Из дневника Джонатана Харкера, 18 декабря…
Наконец вернулся граф. И его появление подействовало на обитателей замка словно глоток свежего воздуха. Я не знаю, когда он приехал, поскольку из окон моей спальни не видна дорога, ведущая к замку. Вчера вечером он спустился к ужину, и я не припомню, чтобы он когда-нибудь бывал в столь превосходном расположении духа. Усталость и меланхолия оставили его, он выглядит совершенно здоровым, как будто даже стал выше ростом. Осушив кубок крепкого вина, он рассказал, какие захватывающие приключения пришлось ему пережить за время длительного путешествия, но теперь он снова вернулся в свой фамильный замок и намерен изучить мой отчет о проделанном.

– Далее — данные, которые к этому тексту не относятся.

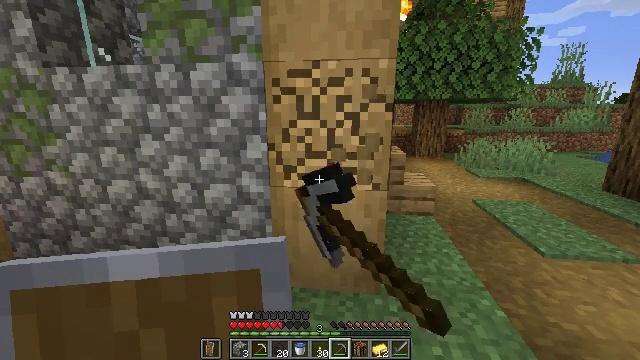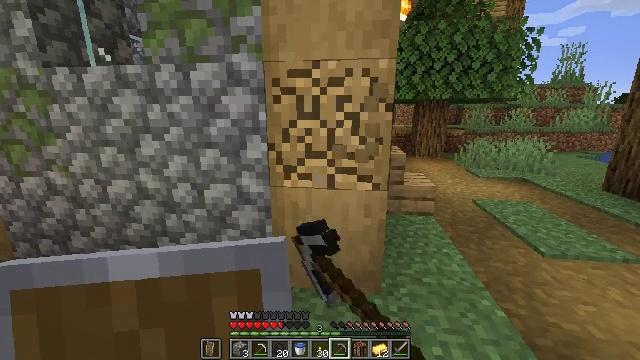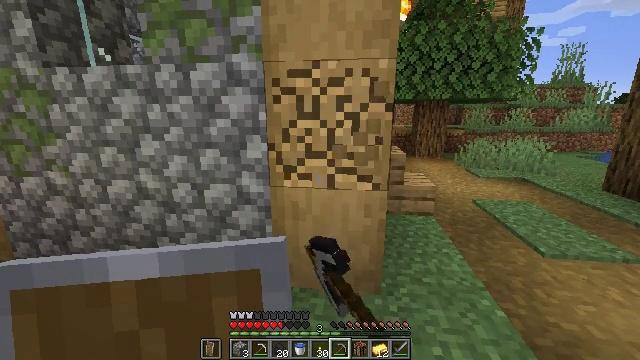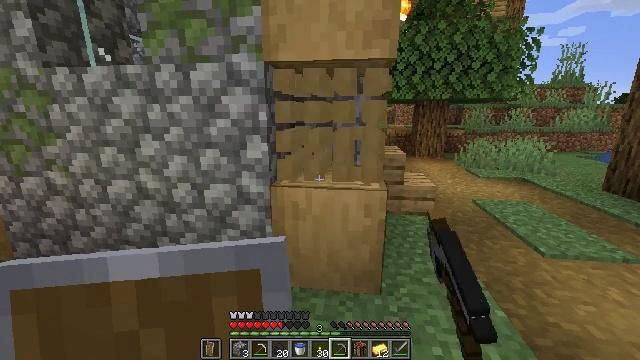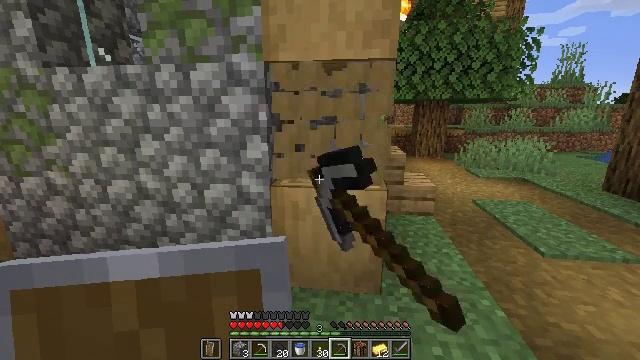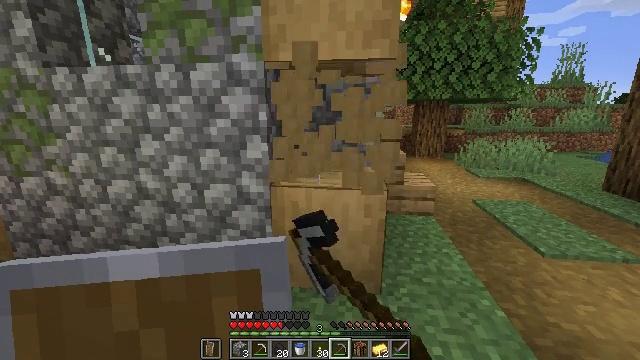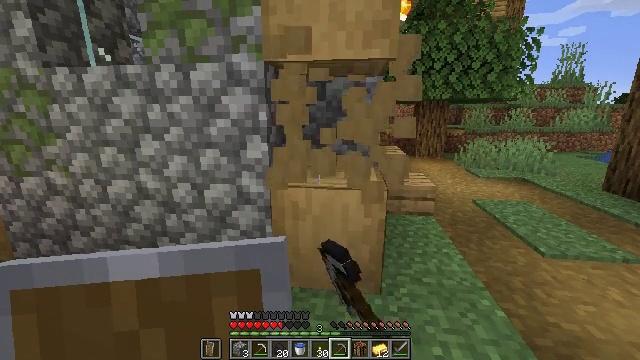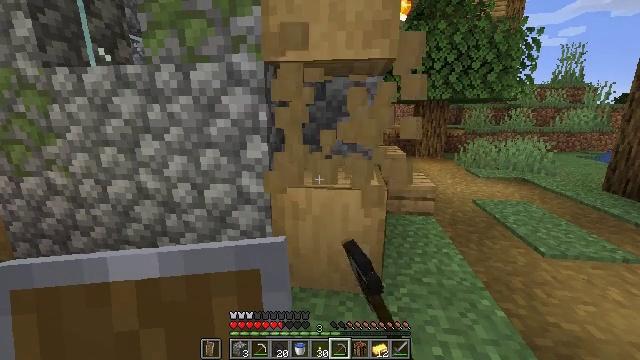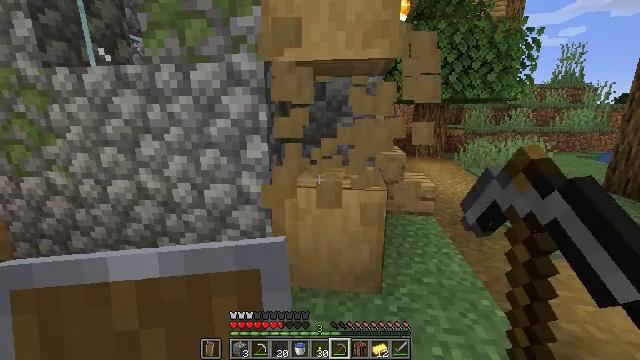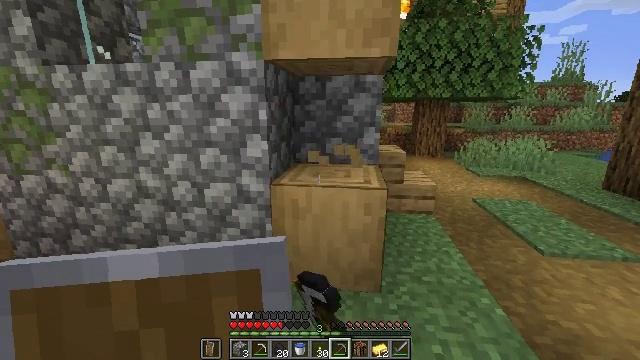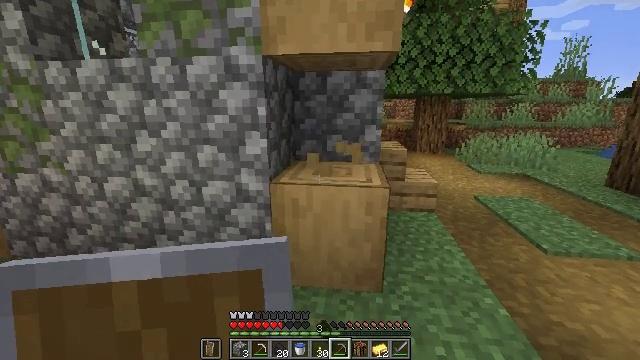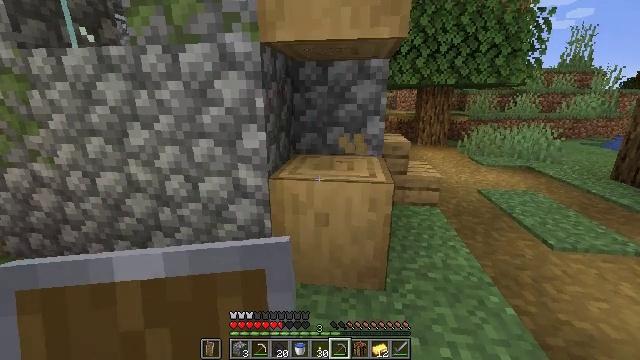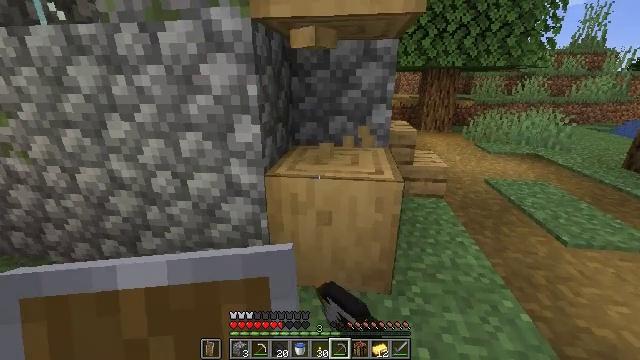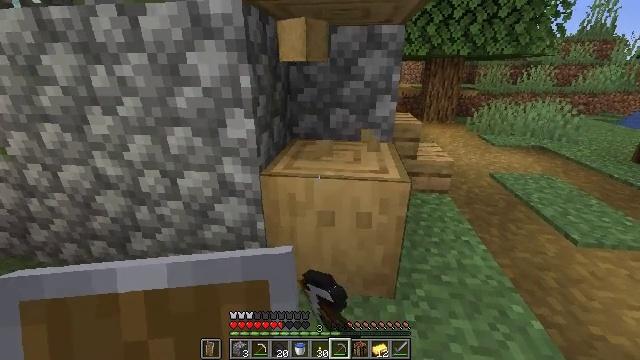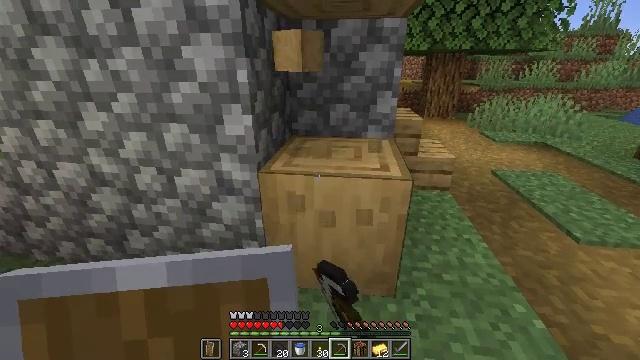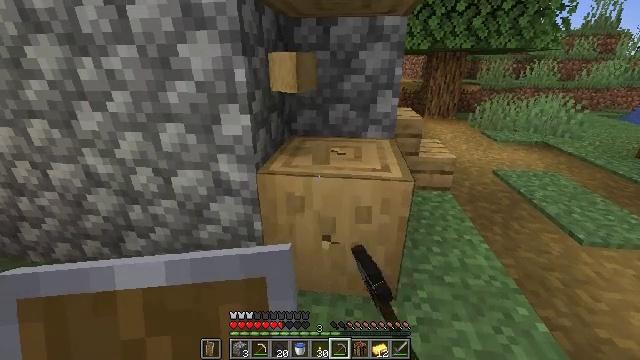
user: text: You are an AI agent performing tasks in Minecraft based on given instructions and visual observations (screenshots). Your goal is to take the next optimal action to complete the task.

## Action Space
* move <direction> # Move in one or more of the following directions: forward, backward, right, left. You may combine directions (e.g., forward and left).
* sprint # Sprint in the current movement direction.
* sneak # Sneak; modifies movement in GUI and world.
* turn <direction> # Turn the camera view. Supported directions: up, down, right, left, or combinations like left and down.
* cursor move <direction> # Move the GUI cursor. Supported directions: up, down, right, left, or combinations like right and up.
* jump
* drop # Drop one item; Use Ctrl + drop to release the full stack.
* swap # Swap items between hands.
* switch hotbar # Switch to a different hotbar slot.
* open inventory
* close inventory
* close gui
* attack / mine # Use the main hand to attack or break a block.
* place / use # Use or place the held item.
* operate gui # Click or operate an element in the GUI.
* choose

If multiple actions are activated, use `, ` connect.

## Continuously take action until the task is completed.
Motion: motion action
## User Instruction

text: Attack the stripped oak log to collect it.
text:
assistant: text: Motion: attack / mine
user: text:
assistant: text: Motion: attack / mine
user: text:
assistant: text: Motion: attack / mine
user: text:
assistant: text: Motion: attack / mine
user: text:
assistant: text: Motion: attack / mine
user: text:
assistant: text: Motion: attack / mine
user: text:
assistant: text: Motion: attack / mine
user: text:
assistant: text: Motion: attack / mine
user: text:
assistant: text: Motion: attack / mine
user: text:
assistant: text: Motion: move forward, attack / mine
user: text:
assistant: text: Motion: move forward, turn down, attack / mine
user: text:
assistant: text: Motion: move forward, turn down, attack / mine
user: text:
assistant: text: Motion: turn down, attack / mine
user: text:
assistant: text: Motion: attack / mine
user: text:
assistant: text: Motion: attack / mine
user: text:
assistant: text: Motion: attack / mine
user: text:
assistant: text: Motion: attack / mine
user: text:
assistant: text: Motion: attack / mine
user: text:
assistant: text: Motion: attack / mine
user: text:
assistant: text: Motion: attack / mine
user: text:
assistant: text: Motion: attack / mine
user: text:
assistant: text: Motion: attack / mine
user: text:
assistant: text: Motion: attack / mine
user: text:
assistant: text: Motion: attack / mine
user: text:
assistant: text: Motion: attack / mine
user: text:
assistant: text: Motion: attack / mine
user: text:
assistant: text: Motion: attack / mine
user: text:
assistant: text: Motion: attack / mine
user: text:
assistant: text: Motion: attack / mine
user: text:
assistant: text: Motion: attack / mine
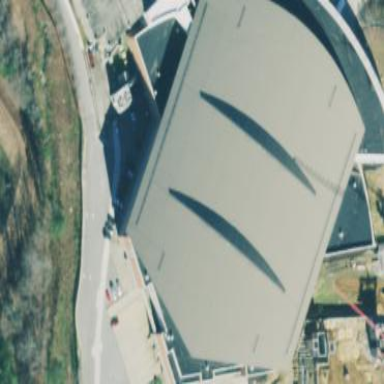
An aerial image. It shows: Arts center building that hosts ice hockey matches.
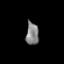
Tissue: prostate
Cell type: B cells
Senescence score: 0.3586
Nuclear area (px): 273
Mean DAPI intensity: 134.183
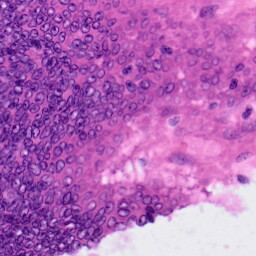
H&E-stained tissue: Colon
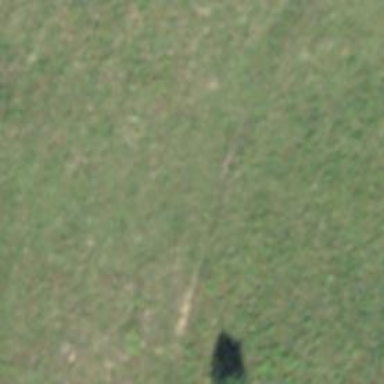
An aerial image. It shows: Grass path.
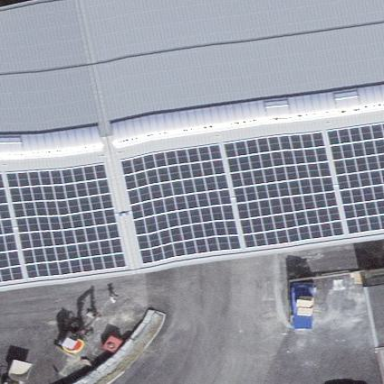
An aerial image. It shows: Solar power generator using photovoltaic method with solar photovoltaic panel types.
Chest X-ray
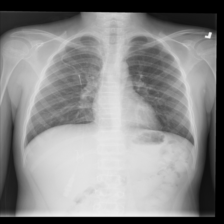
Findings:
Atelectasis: negative
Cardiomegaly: negative
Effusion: negative
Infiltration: negative
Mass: negative
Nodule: negative
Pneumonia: negative
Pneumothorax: negative
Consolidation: negative
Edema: negative
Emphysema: negative
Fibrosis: negative
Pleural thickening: negative
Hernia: negative
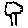
Label: tree
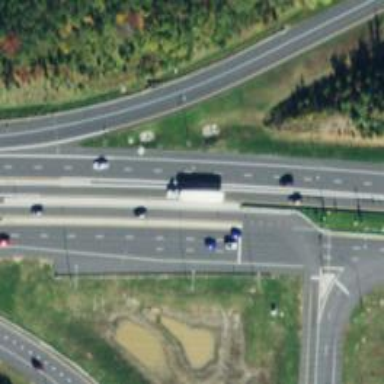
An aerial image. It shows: Asphalt trunk link road.
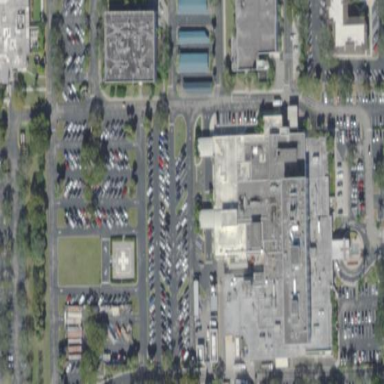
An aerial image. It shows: Healthcare facility identified as hospital.
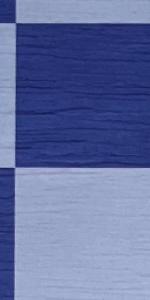
Label: Empty
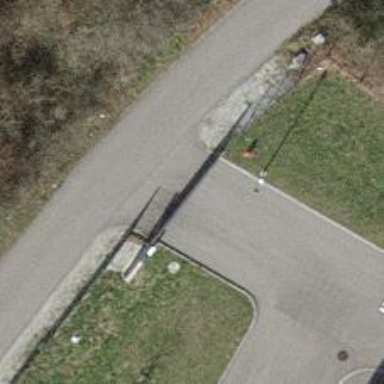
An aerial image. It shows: Gate.
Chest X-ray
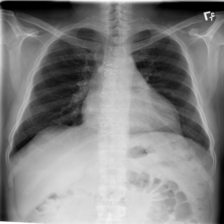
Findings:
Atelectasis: positive
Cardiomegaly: positive
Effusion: negative
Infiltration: negative
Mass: negative
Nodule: negative
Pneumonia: negative
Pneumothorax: negative
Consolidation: negative
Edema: negative
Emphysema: negative
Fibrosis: negative
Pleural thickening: negative
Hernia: negative
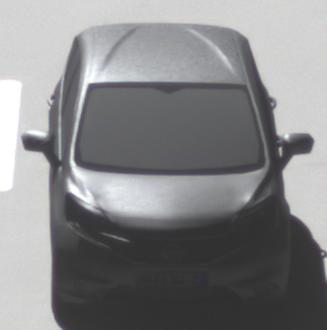
Make: Nissan
Model: Note 1.2
Detailed model: Note (E12) (10/13 - 12/16)
Model produced from: 2013/10
Model produced until: 2015/09
Doors: 5
Color: gray
Road condition: dry road
Daytime: midday
Contrast: high contrast
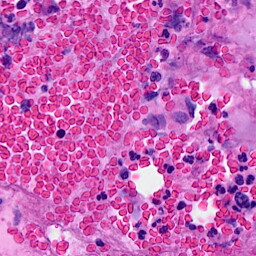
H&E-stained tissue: Breast

Он настоял на том, чтобы мы, не откладывая, вместе закончили работу в библиотеке. Я очень устал — действительно в конце трапезы я даже попросил Клава помочь мне подняться и выйти из-за стола, — но вынужден был согласиться на его требования, успокаивая себя тем, что осталось разобрать всего лишь небольшую стопку книг.
Вскоре мы уже сидели в просторной библиотеке, уютно расположившись перед пышущим жаром камином, а рядом па столике стоял графин со сливовицей, предусмотрительно принесенный Клавом.
Оглядев внимательно дорожную одежду графа, я наконец осознал случившееся. Новехонький непромокаемый плащ перекинут через спинку стула, куда он, должно быть, повесил его по возвращении. Под стулом лежат совершенно новые сапоги. Как только я увидел, что подошвы их совершенно чисты, я тут же понял, что граф никуда не уезжал, что все эти долгие шесть месяцев он провел здесь, в замке, вместе со мной. Теперь я был уверен: все то, что я видел и делал, мне отнюдь не привиделось. В полной тишине мы сидели в больших уютных креслах, расположенных друг напротив друга, покачивали в руках бокалы, и я нервно обдумывал ситуацию.